Can you help / Advise ?


----------



## mikerr (Jun 2, 2005)

Jumper the old drive as master, and the new drive as slave.

Assuming you can boot from a usb stick with mfstools on it,
the following will copy from master to the slave drive including all recordings:

*mfsbackup -Tao - /dev/hda | restore -x -s 300 -r 4 -zpi - /dev/hdb*

or setting's etc, without recordings:

*mfsbackup -l32 -so - /dev/hda | restore -x -s 300 -r 4 -zpi - /dev/hdb*

then run "copykern" selecting hdb (the new drive), and kernel option 1

Note the order of drives: copykern can't access the primary master drive (/dev/hda) due to byteswapping issues.


----------



## ScoobyDooZ (Sep 28, 2005)

OK thanks.

Cant seem to get it to boot from USB drive. Wish I kept my olf motherboard now 

Have given up on saving old settings is there a way I can put a disc in CD drive and copy image to new 160gb IDE drive ?


----------



## mikerr (Jun 2, 2005)

Options:

1. Stick old drive in a usb caddy, and access it as /dev/sda1
or
2. I see you've got a blank image from the image begging thread;
stick that on a (fat32 formatted) usb stick, then boot with CD as normal, new drive as slave:

*mount -t vfat /dev/sda1 /cdrom* 
*restore -x -s 300 -r 4 -zpi /cdrom/tivo.bak /dev/hdb*
*copykern*


----------



## ScoobyDooZ (Sep 28, 2005)

thanks cant seem to get this to work at all.
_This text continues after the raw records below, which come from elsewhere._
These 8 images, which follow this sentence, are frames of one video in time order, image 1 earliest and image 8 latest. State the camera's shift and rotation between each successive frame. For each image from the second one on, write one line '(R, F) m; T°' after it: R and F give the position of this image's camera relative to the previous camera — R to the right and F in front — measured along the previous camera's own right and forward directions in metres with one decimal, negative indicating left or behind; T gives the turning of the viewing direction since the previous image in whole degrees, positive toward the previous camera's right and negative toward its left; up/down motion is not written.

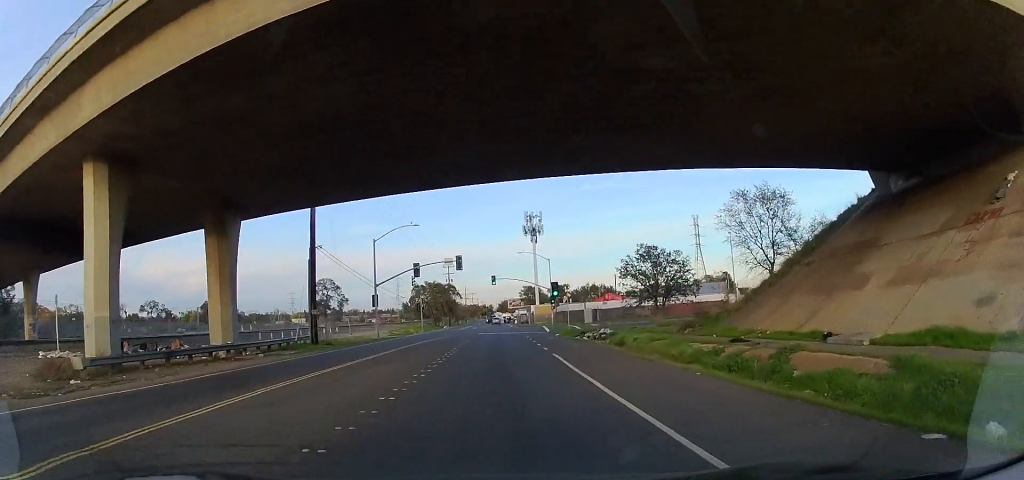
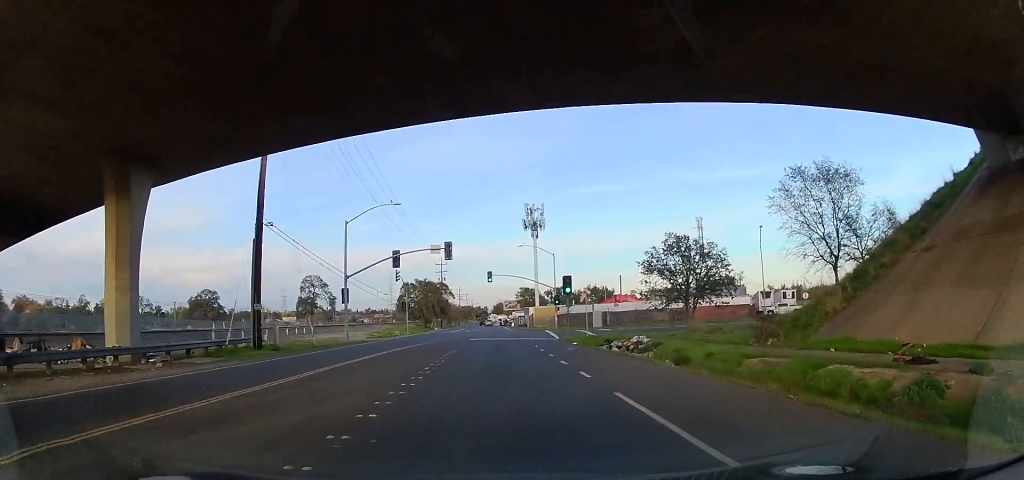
(-0.3, +9.8) m; 0°
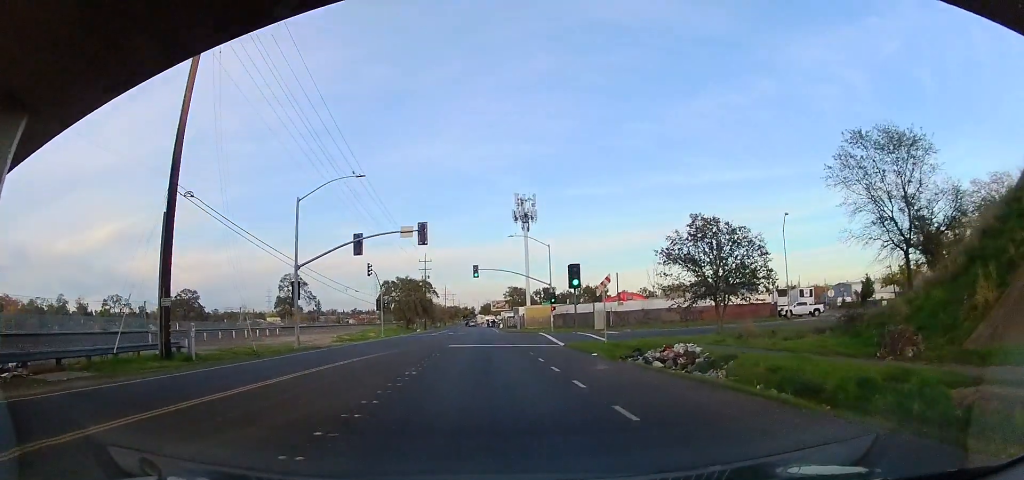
(+0.4, +8.2) m; +3°
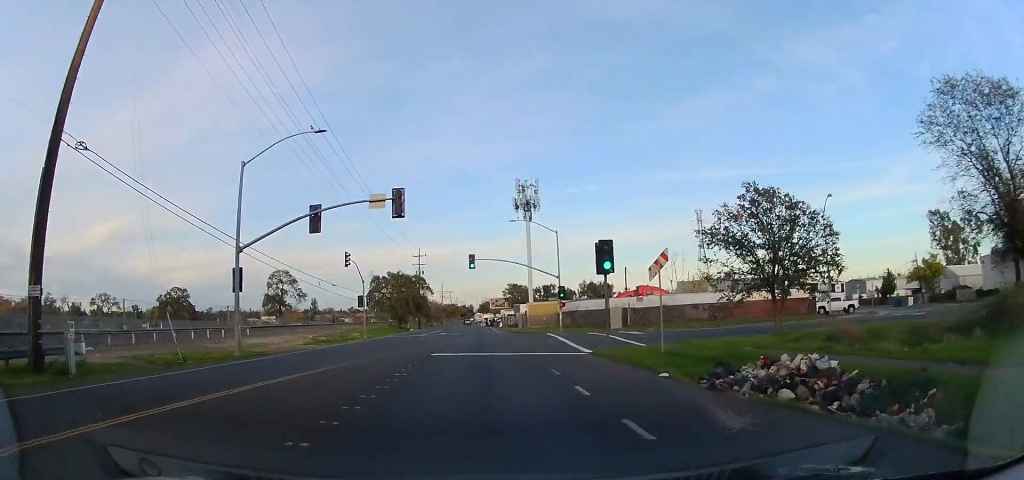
(0.0, +7.8) m; -2°
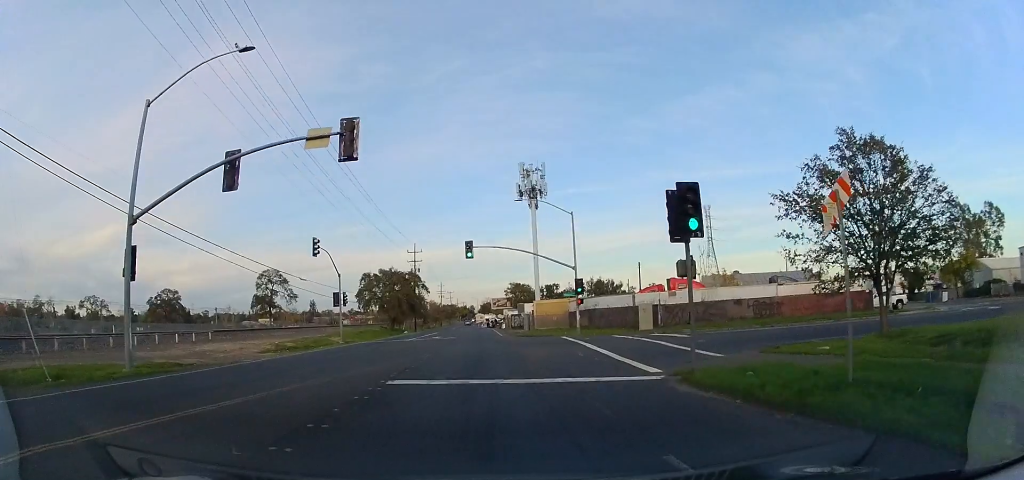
(-0.2, +8.5) m; -1°
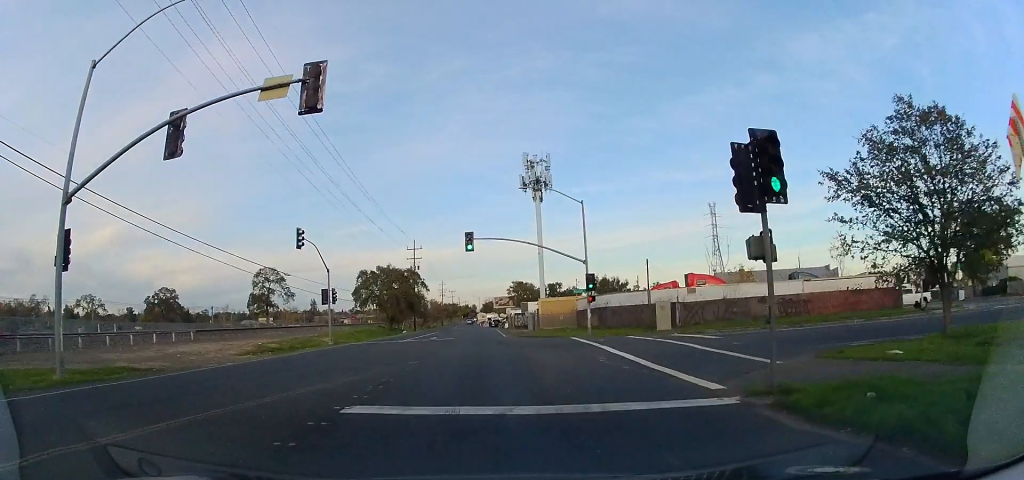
(+0.2, +3.5) m; -1°
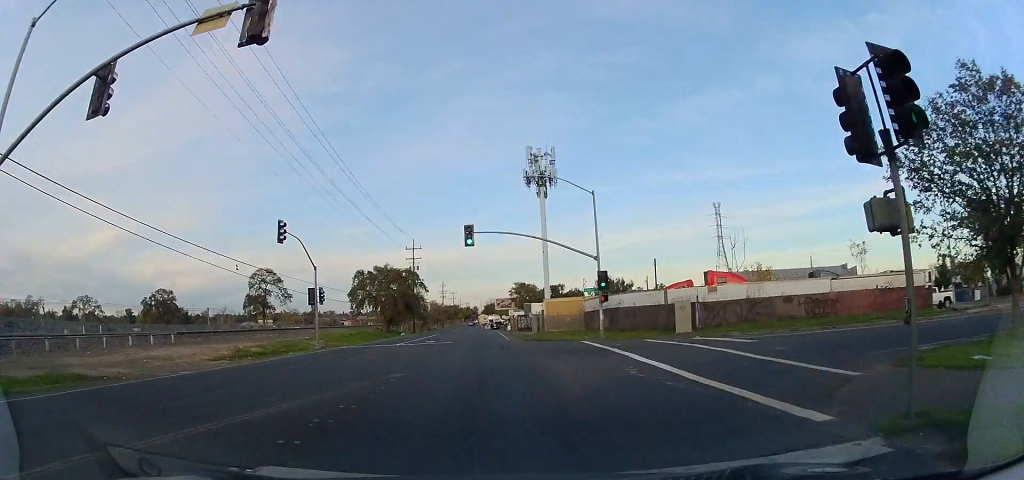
(+0.1, +3.3) m; -1°
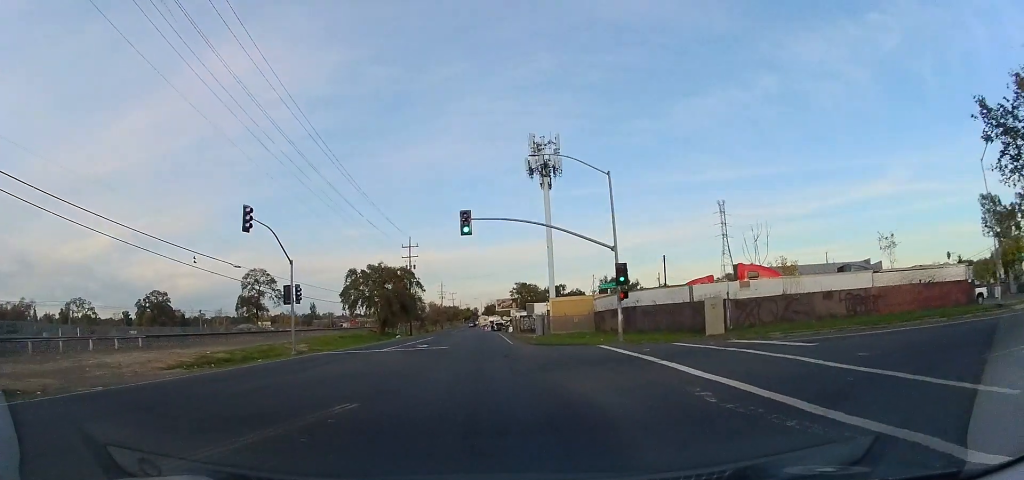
(-0.4, +4.5) m; 0°
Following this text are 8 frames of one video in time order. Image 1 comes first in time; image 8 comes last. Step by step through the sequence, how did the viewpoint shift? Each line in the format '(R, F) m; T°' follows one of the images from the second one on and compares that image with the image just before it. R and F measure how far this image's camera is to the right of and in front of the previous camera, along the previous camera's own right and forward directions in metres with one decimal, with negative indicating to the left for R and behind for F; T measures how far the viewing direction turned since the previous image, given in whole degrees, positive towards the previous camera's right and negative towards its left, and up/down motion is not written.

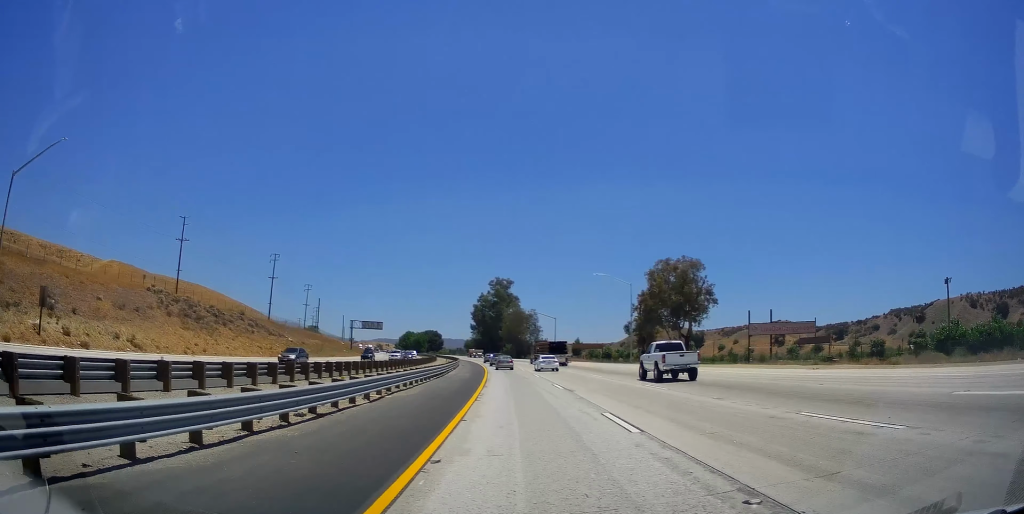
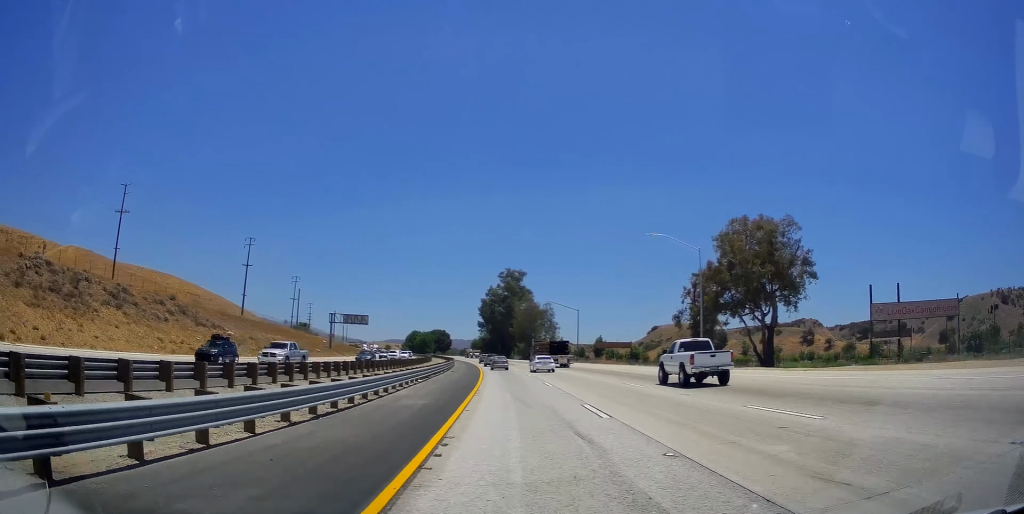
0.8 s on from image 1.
(-0.7, +26.0) m; -2°
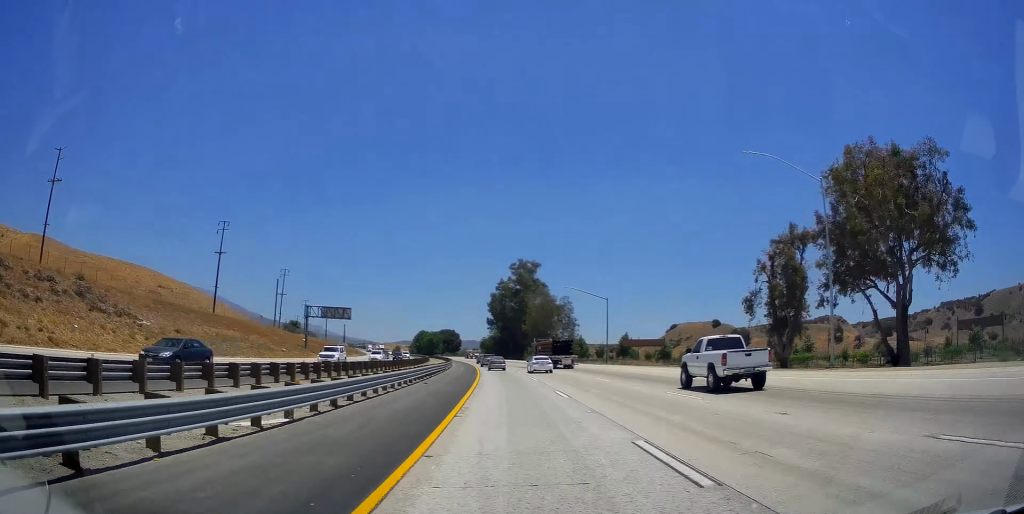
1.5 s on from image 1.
(-0.3, +22.8) m; -2°
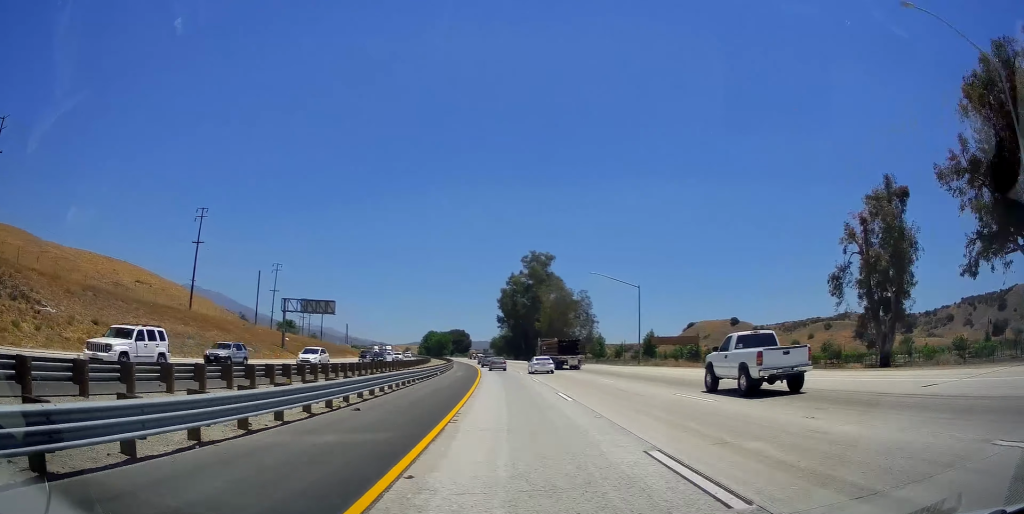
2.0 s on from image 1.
(-0.2, +16.7) m; -1°
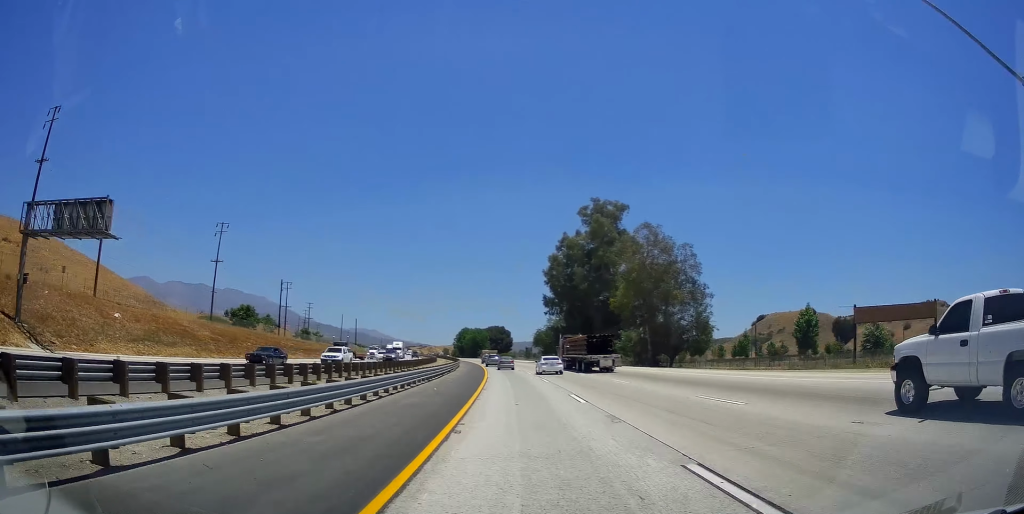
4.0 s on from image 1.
(-1.9, +60.2) m; -3°
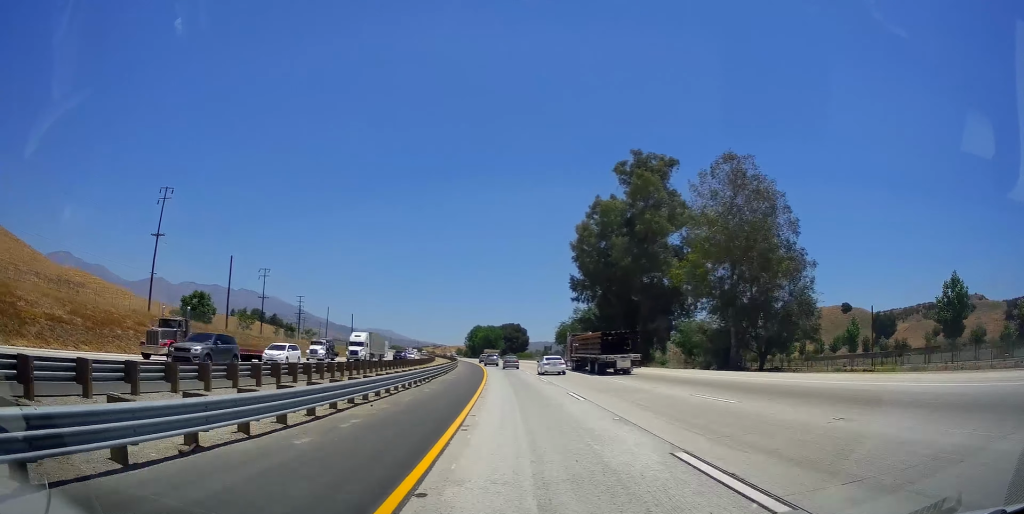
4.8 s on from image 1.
(-0.2, +26.5) m; -1°
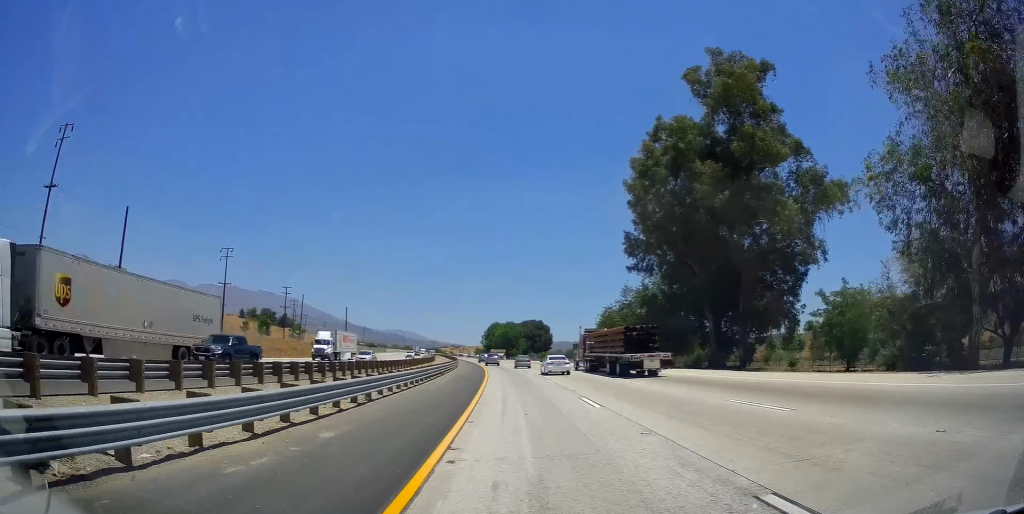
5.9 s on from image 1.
(-0.6, +32.0) m; -2°
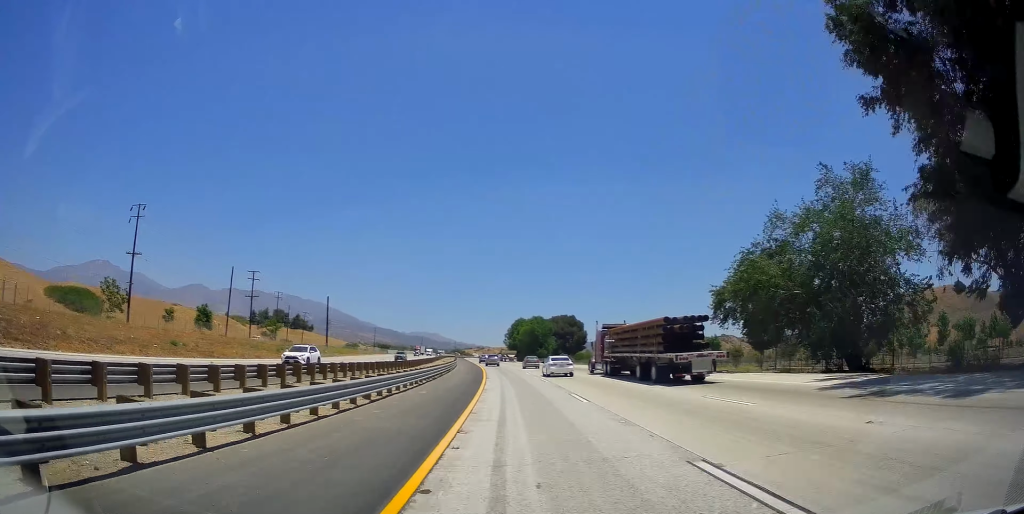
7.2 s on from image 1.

Have copied image to a usb drive. Typed in the commands above.

get restore failed: unable to open destination device for writing

3 hours and no joy - man i wish i had my old motherboard.

have tried cd's usb drives caddys.


----------



## SNJpage1 (May 25, 2006)

OK if you have a hard drive connected to a port on the mother board with one cable and a cd drive connected to another port on the mother board with another cable then you can add the second drive. You will need an IDE cable with two hard drive connectors. Sounds like the cables you have are for only connecting one hard drive to the cable. If that is the case set the new hard drive for master and set the cd drive to slave and connect both to the new two connector cable and plug the cable into the mother board.


----------



## ScoobyDooZ (Sep 28, 2005)

No have one ide port. It has a ribbon with 2 connectors. 1 is connected to CD other is New Tivo hard drive.

I just need to get the image tivo.bak to the new hard drive.


----------



## ScoobyDooZ (Sep 28, 2005)

mikerr said:


> Options:
> 
> 1. Stick old drive in a usb caddy, and access it as /dev/sda1
> or
> ...


ok nearly there.

Awake this morning and had a jumper set wrong.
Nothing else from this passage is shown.